Stored data
──────────

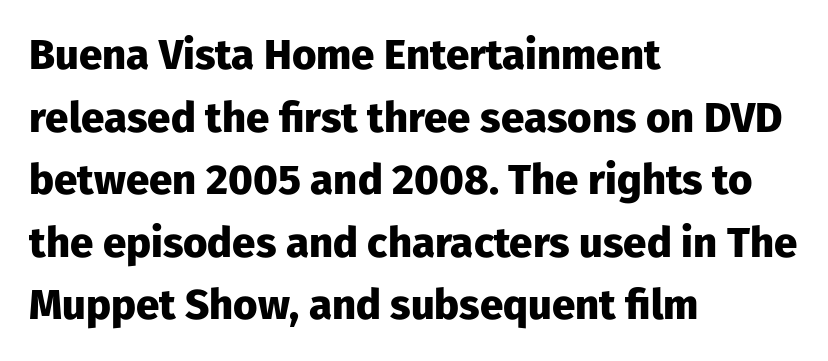
Q: Is the text bold? A: Yes.
Q: Is the text italic (slanted)? A: No, it is upright.
Q: Is the typeface a serif or a sans-serif typeface? A: Sans-serif.
Q: Is the text underlined? A: No.
Q: How is the paragraph aligned? A: Left-aligned.
Q: Is the spacing between letters normal or unusually wide? A: Normal.
Q: Is the spacing between lines tight, normal or loose? A: Normal.
Q: Width (condensed, normal, or wide)? A: Normal.
Q: Stroke contrast? A: Low.
Q: x-height? A: Medium.
Q: Monospaced? A: No.
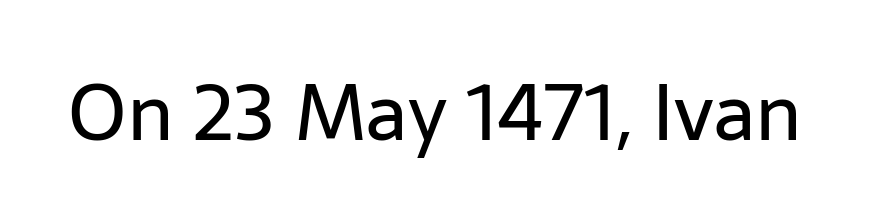
The image shows 79 px regular-weight sans-serif type, upright; set normal letter spacing, not underlined; low stroke contrast and a medium x-height.
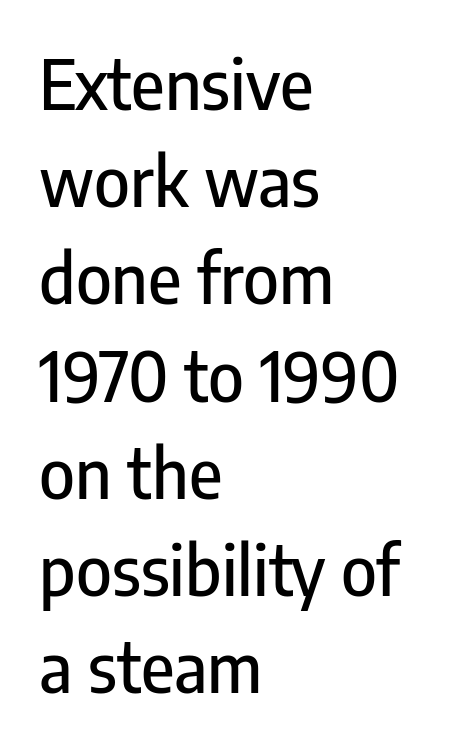
Serif or sans? Sans — the stroke terminals are bare. The designer left line spacing at the default. Character widths vary here, with narrow letters taking less room than wide ones. Left-aligned paragraph, ragged on the right. Italic? Not at all — the glyphs are vertical. Lines of text with bare space underneath.
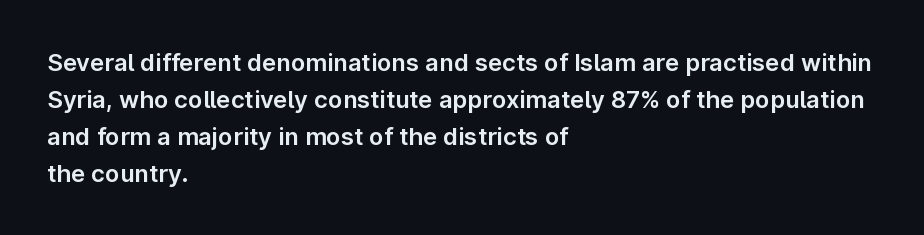
The image shows 24 px text type, upright; set left-aligned, normal line spacing (1.54x), normal letter spacing, not underlined.
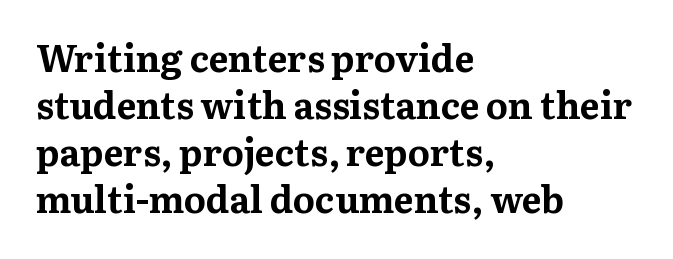
{"serif": "yes", "italic": "no", "bold": "yes", "weight": "bold", "width": "normal", "stroke_contrast": "medium", "x_height": "medium", "monospaced": "no", "underline": "no", "align": "left", "line_spacing": "normal", "line_spacing_ratio": 1.27, "letter_spacing": "normal", "letter_spacing_em": 0.0, "glyph_px": 37}
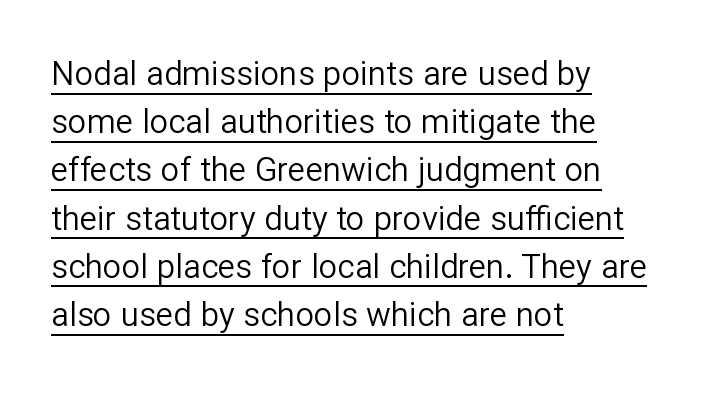
The image shows 33 px regular-weight sans-serif type, upright; set left-aligned, normal line spacing (1.46x), normal letter spacing, underlined; low stroke contrast and a medium x-height.

──────────

EXERCISE DESCRIPTION - Emit the lines of the data above from the one containing "Q: x-height? A: Medium." through its final line, both endpoints included. Pictures do not belong in the output.

RESULT FOR THIS EXERCISE -
Q: x-height? A: Medium.
Q: Monospaced? A: No.
The image shows 79 px regular-weight sans-serif type, upright; set normal letter spacing, not underlined; low stroke contrast and a medium x-height.
Serif or sans? Sans — the stroke terminals are bare. The designer left line spacing at the default. Character widths vary here, with narrow letters taking less room than wide ones. Left-aligned paragraph, ragged on the right. Italic? Not at all — the glyphs are vertical. Lines of text with bare space underneath.
The image shows 24 px text type, upright; set left-aligned, normal line spacing (1.54x), normal letter spacing, not underlined.
{"serif": "yes", "italic": "no", "bold": "yes", "weight": "bold", "width": "normal", "stroke_contrast": "medium", "x_height": "medium", "monospaced": "no", "underline": "no", "align": "left", "line_spacing": "normal", "line_spacing_ratio": 1.27, "letter_spacing": "normal", "letter_spacing_em": 0.0, "glyph_px": 37}
The image shows 33 px regular-weight sans-serif type, upright; set left-aligned, normal line spacing (1.46x), normal letter spacing, underlined; low stroke contrast and a medium x-height.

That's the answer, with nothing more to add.